─── Data listing

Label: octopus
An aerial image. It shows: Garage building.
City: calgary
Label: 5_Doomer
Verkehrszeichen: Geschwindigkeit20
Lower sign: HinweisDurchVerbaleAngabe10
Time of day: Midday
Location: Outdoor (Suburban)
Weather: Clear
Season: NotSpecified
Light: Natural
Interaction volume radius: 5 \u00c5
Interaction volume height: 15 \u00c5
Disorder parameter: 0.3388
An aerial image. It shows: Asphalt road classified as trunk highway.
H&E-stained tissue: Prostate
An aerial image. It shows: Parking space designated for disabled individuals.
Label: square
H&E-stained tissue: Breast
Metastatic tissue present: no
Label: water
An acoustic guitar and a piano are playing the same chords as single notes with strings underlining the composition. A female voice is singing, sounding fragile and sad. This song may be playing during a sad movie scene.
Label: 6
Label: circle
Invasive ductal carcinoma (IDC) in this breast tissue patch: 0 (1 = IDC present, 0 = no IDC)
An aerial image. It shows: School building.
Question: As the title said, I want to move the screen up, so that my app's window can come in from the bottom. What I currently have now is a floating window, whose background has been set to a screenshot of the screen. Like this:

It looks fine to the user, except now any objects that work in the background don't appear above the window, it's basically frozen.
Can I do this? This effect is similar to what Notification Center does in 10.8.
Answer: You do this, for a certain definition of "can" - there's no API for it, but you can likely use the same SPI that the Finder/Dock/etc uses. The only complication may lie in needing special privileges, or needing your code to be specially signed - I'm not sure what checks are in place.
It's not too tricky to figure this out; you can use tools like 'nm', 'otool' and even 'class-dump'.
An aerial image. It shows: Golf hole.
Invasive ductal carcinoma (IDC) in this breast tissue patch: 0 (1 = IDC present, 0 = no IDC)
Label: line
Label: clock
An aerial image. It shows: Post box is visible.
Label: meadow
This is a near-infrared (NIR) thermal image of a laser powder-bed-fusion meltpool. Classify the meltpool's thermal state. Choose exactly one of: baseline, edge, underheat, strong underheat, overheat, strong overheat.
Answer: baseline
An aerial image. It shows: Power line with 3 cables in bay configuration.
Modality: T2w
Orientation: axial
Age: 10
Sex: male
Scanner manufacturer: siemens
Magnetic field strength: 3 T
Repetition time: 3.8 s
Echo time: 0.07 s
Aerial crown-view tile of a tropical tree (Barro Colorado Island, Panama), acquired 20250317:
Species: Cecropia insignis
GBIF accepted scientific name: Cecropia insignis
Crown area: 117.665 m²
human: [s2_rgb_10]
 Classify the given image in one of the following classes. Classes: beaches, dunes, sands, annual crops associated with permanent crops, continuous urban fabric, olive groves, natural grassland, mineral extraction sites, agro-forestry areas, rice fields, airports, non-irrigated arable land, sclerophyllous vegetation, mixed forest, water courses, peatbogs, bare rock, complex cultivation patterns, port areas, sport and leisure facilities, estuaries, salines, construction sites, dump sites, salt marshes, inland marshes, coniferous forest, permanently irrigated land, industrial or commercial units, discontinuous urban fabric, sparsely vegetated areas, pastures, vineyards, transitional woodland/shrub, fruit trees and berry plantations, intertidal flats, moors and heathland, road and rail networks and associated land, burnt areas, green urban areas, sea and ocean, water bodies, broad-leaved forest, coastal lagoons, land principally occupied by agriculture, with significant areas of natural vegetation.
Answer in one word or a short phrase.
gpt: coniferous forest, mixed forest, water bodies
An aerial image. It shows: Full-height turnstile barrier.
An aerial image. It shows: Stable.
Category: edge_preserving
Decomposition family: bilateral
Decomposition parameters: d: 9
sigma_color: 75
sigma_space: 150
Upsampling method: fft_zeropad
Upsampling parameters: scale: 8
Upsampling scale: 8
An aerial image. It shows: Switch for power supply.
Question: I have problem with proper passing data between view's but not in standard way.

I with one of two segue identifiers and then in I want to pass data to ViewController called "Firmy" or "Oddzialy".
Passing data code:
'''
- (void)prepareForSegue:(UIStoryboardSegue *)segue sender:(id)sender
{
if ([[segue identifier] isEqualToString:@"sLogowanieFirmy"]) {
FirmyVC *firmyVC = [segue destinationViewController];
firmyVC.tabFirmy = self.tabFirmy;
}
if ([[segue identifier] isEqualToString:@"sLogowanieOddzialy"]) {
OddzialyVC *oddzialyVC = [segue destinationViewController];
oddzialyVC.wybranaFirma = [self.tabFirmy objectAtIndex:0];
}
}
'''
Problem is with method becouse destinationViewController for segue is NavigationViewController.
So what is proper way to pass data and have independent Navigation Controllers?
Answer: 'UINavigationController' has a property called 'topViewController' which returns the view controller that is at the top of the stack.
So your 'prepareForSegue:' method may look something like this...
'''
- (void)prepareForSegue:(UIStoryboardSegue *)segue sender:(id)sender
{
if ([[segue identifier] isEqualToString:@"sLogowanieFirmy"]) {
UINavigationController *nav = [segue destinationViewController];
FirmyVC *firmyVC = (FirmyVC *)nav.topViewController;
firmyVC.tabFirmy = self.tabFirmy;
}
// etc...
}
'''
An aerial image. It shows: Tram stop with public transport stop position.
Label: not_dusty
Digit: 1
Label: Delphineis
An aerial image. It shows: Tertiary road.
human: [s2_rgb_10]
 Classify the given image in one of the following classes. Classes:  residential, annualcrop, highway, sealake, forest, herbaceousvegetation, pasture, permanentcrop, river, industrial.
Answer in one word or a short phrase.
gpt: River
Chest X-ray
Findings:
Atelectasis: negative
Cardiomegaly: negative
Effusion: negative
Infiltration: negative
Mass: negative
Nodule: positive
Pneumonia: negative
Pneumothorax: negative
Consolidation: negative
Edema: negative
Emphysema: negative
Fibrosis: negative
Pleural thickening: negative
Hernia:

──────

All the lines above must appear again in the answer, word for word.

--- Answer to this task ---
Label: octopus
An aerial image. It shows: Garage building.
City: calgary
Label: 5_Doomer
Verkehrszeichen: Geschwindigkeit20
Lower sign: HinweisDurchVerbaleAngabe10
Time of day: Midday
Location: Outdoor (Suburban)
Weather: Clear
Season: NotSpecified
Light: Natural
Interaction volume radius: 5 \u00c5
Interaction volume height: 15 \u00c5
Disorder parameter: 0.3388
An aerial image. It shows: Asphalt road classified as trunk highway.
H&E-stained tissue: Prostate
An aerial image. It shows: Parking space designated for disabled individuals.
Label: square
H&E-stained tissue: Breast
Metastatic tissue present: no
Label: water
An acoustic guitar and a piano are playing the same chords as single notes with strings underlining the composition. A female voice is singing, sounding fragile and sad. This song may be playing during a sad movie scene.
Label: 6
Label: circle
Invasive ductal carcinoma (IDC) in this breast tissue patch: 0 (1 = IDC present, 0 = no IDC)
An aerial image. It shows: School building.
Question: As the title said, I want to move the screen up, so that my app's window can come in from the bottom. What I currently have now is a floating window, whose background has been set to a screenshot of the screen. Like this:

It looks fine to the user, except now any objects that work in the background don't appear above the window, it's basically frozen.
Can I do this? This effect is similar to what Notification Center does in 10.8.
Answer: You do this, for a certain definition of "can" - there's no API for it, but you can likely use the same SPI that the Finder/Dock/etc uses. The only complication may lie in needing special privileges, or needing your code to be specially signed - I'm not sure what checks are in place.
It's not too tricky to figure this out; you can use tools like 'nm', 'otool' and even 'class-dump'.
An aerial image. It shows: Golf hole.
Invasive ductal carcinoma (IDC) in this breast tissue patch: 0 (1 = IDC present, 0 = no IDC)
Label: line
Label: clock
An aerial image. It shows: Post box is visible.
Label: meadow
This is a near-infrared (NIR) thermal image of a laser powder-bed-fusion meltpool. Classify the meltpool's thermal state. Choose exactly one of: baseline, edge, underheat, strong underheat, overheat, strong overheat.
Answer: baseline
An aerial image. It shows: Power line with 3 cables in bay configuration.
Modality: T2w
Orientation: axial
Age: 10
Sex: male
Scanner manufacturer: siemens
Magnetic field strength: 3 T
Repetition time: 3.8 s
Echo time: 0.07 s
Aerial crown-view tile of a tropical tree (Barro Colorado Island, Panama), acquired 20250317:
Species: Cecropia insignis
GBIF accepted scientific name: Cecropia insignis
Crown area: 117.665 m²
human: [s2_rgb_10]
 Classify the given image in one of the following classes. Classes: beaches, dunes, sands, annual crops associated with permanent crops, continuous urban fabric, olive groves, natural grassland, mineral extraction sites, agro-forestry areas, rice fields, airports, non-irrigated arable land, sclerophyllous vegetation, mixed forest, water courses, peatbogs, bare rock, complex cultivation patterns, port areas, sport and leisure facilities, estuaries, salines, construction sites, dump sites, salt marshes, inland marshes, coniferous forest, permanently irrigated land, industrial or commercial units, discontinuous urban fabric, sparsely vegetated areas, pastures, vineyards, transitional woodland/shrub, fruit trees and berry plantations, intertidal flats, moors and heathland, road and rail networks and associated land, burnt areas, green urban areas, sea and ocean, water bodies, broad-leaved forest, coastal lagoons, land principally occupied by agriculture, with significant areas of natural vegetation.
Answer in one word or a short phrase.
gpt: coniferous forest, mixed forest, water bodies
An aerial image. It shows: Full-height turnstile barrier.
An aerial image. It shows: Stable.
Category: edge_preserving
Decomposition family: bilateral
Decomposition parameters: d: 9
sigma_color: 75
sigma_space: 150
Upsampling method: fft_zeropad
Upsampling parameters: scale: 8
Upsampling scale: 8
An aerial image. It shows: Switch for power supply.
Question: I have problem with proper passing data between view's but not in standard way.

I with one of two segue identifiers and then in I want to pass data to ViewController called "Firmy" or "Oddzialy".
Passing data code:
'''
- (void)prepareForSegue:(UIStoryboardSegue *)segue sender:(id)sender
{
if ([[segue identifier] isEqualToString:@"sLogowanieFirmy"]) {
FirmyVC *firmyVC = [segue destinationViewController];
firmyVC.tabFirmy = self.tabFirmy;
}
if ([[segue identifier] isEqualToString:@"sLogowanieOddzialy"]) {
OddzialyVC *oddzialyVC = [segue destinationViewController];
oddzialyVC.wybranaFirma = [self.tabFirmy objectAtIndex:0];
}
}
'''
Problem is with method becouse destinationViewController for segue is NavigationViewController.
So what is proper way to pass data and have independent Navigation Controllers?
Answer: 'UINavigationController' has a property called 'topViewController' which returns the view controller that is at the top of the stack.
So your 'prepareForSegue:' method may look something like this...
'''
- (void)prepareForSegue:(UIStoryboardSegue *)segue sender:(id)sender
{
if ([[segue identifier] isEqualToString:@"sLogowanieFirmy"]) {
UINavigationController *nav = [segue destinationViewController];
FirmyVC *firmyVC = (FirmyVC *)nav.topViewController;
firmyVC.tabFirmy = self.tabFirmy;
}
// etc...
}
'''
An aerial image. It shows: Tram stop with public transport stop position.
Label: not_dusty
Digit: 1
Label: Delphineis
An aerial image. It shows: Tertiary road.
human: [s2_rgb_10]
 Classify the given image in one of the following classes. Classes:  residential, annualcrop, highway, sealake, forest, herbaceousvegetation, pasture, permanentcrop, river, industrial.
Answer in one word or a short phrase.
gpt: River
Chest X-ray
Findings:
Atelectasis: negative
Cardiomegaly: negative
Effusion: negative
Infiltration: negative
Mass: negative
Nodule: positive
Pneumonia: negative
Pneumothorax: negative
Consolidation: negative
Edema: negative
Emphysema: negative
Fibrosis: negative
Pleural thickening: negative
Hernia:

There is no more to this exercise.